提问人:Deepa MG 提问时间:8/17/2017 更新时间:8/18/2017 访问量:134
如何将参数发送到另一个PHP网站的AJAX POST方法并获取JSON信息
How to send parameters to AJAX POST method of another PHP website and fetch JSON information
问:
我正在研究“如何解析其他网站的内容”。我正在使用 HTML DOM 解析来获取信息。我面临的问题是包含AJAX POST调用以获取信息的网站。

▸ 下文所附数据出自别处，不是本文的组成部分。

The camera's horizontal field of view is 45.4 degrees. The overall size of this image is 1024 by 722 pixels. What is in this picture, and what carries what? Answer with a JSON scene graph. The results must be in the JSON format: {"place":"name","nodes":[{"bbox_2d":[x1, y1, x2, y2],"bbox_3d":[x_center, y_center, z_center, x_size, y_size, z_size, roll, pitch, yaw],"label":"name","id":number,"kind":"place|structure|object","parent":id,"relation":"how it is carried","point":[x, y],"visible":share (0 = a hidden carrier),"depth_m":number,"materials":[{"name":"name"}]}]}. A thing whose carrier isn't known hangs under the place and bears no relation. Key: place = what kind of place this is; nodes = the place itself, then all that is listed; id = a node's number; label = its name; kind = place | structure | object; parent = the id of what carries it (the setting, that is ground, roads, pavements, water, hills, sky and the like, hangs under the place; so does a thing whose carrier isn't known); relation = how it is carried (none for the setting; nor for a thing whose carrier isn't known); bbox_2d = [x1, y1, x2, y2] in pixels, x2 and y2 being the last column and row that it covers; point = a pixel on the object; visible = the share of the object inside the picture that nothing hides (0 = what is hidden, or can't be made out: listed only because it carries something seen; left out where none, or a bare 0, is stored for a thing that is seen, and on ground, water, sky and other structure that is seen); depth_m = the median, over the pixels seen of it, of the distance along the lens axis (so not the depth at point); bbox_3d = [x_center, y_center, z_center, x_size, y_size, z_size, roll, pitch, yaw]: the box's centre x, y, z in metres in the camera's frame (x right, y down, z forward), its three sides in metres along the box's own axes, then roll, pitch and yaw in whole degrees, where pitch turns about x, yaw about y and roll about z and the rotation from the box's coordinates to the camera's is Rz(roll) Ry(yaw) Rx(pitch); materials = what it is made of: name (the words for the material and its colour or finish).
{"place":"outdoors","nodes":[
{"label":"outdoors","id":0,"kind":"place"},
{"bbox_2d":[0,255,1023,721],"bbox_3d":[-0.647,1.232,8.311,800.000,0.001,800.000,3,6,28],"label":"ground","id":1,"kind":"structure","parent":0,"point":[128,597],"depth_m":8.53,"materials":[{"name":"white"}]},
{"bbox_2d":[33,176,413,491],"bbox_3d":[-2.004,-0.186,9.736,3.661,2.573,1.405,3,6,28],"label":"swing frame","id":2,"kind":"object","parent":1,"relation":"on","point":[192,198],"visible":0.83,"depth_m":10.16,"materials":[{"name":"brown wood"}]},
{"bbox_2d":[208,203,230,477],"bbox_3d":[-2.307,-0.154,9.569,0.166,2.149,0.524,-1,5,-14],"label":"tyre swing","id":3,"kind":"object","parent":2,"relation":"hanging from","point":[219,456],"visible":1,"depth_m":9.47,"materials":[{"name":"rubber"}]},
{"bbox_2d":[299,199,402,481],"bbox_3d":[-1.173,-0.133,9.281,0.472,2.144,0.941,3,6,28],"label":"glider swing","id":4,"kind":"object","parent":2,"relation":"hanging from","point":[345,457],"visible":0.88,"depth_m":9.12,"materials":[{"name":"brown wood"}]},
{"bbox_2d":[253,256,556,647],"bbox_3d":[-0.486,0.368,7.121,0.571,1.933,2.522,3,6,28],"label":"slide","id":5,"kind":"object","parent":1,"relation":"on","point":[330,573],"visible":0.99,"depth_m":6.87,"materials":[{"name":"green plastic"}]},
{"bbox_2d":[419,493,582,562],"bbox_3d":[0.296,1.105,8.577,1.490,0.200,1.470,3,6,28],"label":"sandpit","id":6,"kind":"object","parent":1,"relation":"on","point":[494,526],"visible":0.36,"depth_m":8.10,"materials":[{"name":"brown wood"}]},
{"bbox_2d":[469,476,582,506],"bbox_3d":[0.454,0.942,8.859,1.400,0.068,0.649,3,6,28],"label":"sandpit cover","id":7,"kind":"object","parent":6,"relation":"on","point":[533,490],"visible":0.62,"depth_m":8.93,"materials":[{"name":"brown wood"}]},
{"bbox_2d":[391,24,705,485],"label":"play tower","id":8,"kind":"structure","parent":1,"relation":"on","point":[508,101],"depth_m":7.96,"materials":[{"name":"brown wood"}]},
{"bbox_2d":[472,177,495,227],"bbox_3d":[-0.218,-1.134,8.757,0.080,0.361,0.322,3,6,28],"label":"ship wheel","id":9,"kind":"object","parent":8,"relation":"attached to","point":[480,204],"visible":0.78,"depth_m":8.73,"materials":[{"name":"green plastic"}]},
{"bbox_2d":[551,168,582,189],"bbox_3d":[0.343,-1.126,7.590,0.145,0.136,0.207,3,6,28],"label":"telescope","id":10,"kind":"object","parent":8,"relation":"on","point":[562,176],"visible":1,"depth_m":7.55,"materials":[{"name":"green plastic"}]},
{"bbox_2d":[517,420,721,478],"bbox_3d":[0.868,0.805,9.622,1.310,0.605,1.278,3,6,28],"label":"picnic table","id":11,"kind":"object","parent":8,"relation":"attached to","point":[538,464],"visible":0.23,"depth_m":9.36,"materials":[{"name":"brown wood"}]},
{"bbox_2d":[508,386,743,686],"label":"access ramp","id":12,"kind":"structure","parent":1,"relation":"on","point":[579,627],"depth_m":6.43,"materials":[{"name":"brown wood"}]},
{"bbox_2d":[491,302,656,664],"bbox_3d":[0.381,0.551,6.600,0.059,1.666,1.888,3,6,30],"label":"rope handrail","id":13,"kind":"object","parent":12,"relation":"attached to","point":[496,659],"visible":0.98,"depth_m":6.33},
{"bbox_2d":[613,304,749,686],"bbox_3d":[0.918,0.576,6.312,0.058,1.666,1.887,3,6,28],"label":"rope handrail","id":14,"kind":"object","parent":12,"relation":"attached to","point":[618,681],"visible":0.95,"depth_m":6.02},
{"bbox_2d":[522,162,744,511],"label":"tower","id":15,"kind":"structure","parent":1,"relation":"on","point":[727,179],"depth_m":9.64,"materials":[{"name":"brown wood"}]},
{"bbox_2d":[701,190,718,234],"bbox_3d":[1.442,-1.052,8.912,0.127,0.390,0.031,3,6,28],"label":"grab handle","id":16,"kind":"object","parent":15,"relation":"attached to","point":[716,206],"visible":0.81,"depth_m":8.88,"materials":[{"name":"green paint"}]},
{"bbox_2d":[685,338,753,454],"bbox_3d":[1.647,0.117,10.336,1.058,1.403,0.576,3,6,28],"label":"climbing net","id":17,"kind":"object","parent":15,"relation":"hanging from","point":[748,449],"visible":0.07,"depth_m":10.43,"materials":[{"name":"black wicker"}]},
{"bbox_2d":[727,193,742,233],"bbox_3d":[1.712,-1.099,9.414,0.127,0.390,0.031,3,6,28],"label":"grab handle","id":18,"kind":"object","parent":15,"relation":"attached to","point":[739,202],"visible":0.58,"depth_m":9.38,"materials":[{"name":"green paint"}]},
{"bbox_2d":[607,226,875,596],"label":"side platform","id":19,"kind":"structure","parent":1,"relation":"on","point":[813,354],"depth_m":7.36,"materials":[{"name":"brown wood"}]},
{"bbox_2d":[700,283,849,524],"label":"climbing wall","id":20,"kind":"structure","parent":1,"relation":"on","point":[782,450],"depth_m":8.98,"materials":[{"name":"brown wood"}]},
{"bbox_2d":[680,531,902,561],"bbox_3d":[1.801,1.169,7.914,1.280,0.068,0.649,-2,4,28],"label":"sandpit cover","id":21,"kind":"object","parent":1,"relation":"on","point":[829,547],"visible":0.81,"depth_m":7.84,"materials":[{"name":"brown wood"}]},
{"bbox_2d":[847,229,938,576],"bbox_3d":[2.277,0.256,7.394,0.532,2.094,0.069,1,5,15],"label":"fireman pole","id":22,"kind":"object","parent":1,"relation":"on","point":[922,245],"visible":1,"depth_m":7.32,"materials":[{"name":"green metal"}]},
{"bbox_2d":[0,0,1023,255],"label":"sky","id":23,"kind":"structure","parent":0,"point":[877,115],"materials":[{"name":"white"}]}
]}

示例网站: Massachussets
1.这里医生信息是使用ajax post方法获取的
Request URL:http://www.massgeneral.org/assets/javascripts/facets/doctors/doctors.ashx
Request Method:POST
如何在此处将参数传递给 post 方法?我尝试的是
<?php
echo '<center><h3>Massachusetts Information</h3></center>';
// extra headers
//$headers[]= "Accept-Encoding: gzip, deflate";
$fields['center'] = "";
$fields['centerPreSelected'] = false;
//$fields['displayPaging'] = false;
$fields['gender'] = "";
$fields['isEmpty'] = true;
$fields['languages'] = [];
$fields['letter'] = "A";
$fields['letter'] = "";
$fields['locations'] = array();
$fields['numberOfPages'] = 15;
$fields['numberPerPage'] = 50;
$fields['page'] = 1;
$fields['program'] = "";
$fields['range'] = array('Item1' => 0,'Item2' => 49);
$fields['saytLimit'] = "20";
$fields['term'] = "";
$POSTFIELDS = http_build_query($fields);
$headers[] = "Accept: application/json, text/plain, */*";
$headers[] = "Accept-Encoding: gzip, deflate";
$headers[] = "Accept-Language: en-GB,en;q=0.5";
$headers[] = "Connection: keep-alive";
$headers[] = "Content-Type: application/json";
$headers[] = "Host: www.massgeneral.org";
$headers[]="Referer: http://www.massgeneral.org/doctors/";
$login_submit_url = "http://www.massgeneral.org/assets/javascripts/facets/doctors/doctors.ashx";
$ch = curl_init();
curl_setopt($ch, CURLOPT_HEADER, 0);
curl_setopt($ch, CURLOPT_USERAGENT, $agent);
curl_setopt($ch, CURLOPT_RETURNTRANSFER, 1);
curl_setopt($ch, CURLOPT_FOLLOWLOCATION, 1);
curl_setopt($ch, CURLOPT_URL, $login_submit_url);
curl_setopt($ch, CURLOPT_HTTPHEADER, $headers);
curl_setopt($ch, CURLOPT_VERBOSE, true);
curl_setopt($ch, CURLOPT_POST, 1);
curl_setopt($ch, CURLOPT_POSTFIELDS, $POSTFIELDS);
curl_setopt($ch, CURLOPT_FOLLOWLOCATION, 0);
$result = curl_exec($ch);
echo $result;
它没有获取医生的信息。 请提供链接或想法来解析它。
答:
0赞
pguardiario
8/18/2017
#1
您正在使用 它创建“foo=1&bar=2”样式格式。该网站需要 json,因此您想改用。http_build_query()
json_encode()
此外,除非您确定真的要处理 gzip 响应,否则请省略 gzip 标头。
评论
0赞
Deepa MG
8/18/2017
当我替换它时,返回如下输出: $ؐ@ iG#) * eVe]f@ 흼 { { ;N' ?\fdl J ɞ! ?...................您能否建议我在代码中进行更改所需的所有位置?http_build_query()
json_encode()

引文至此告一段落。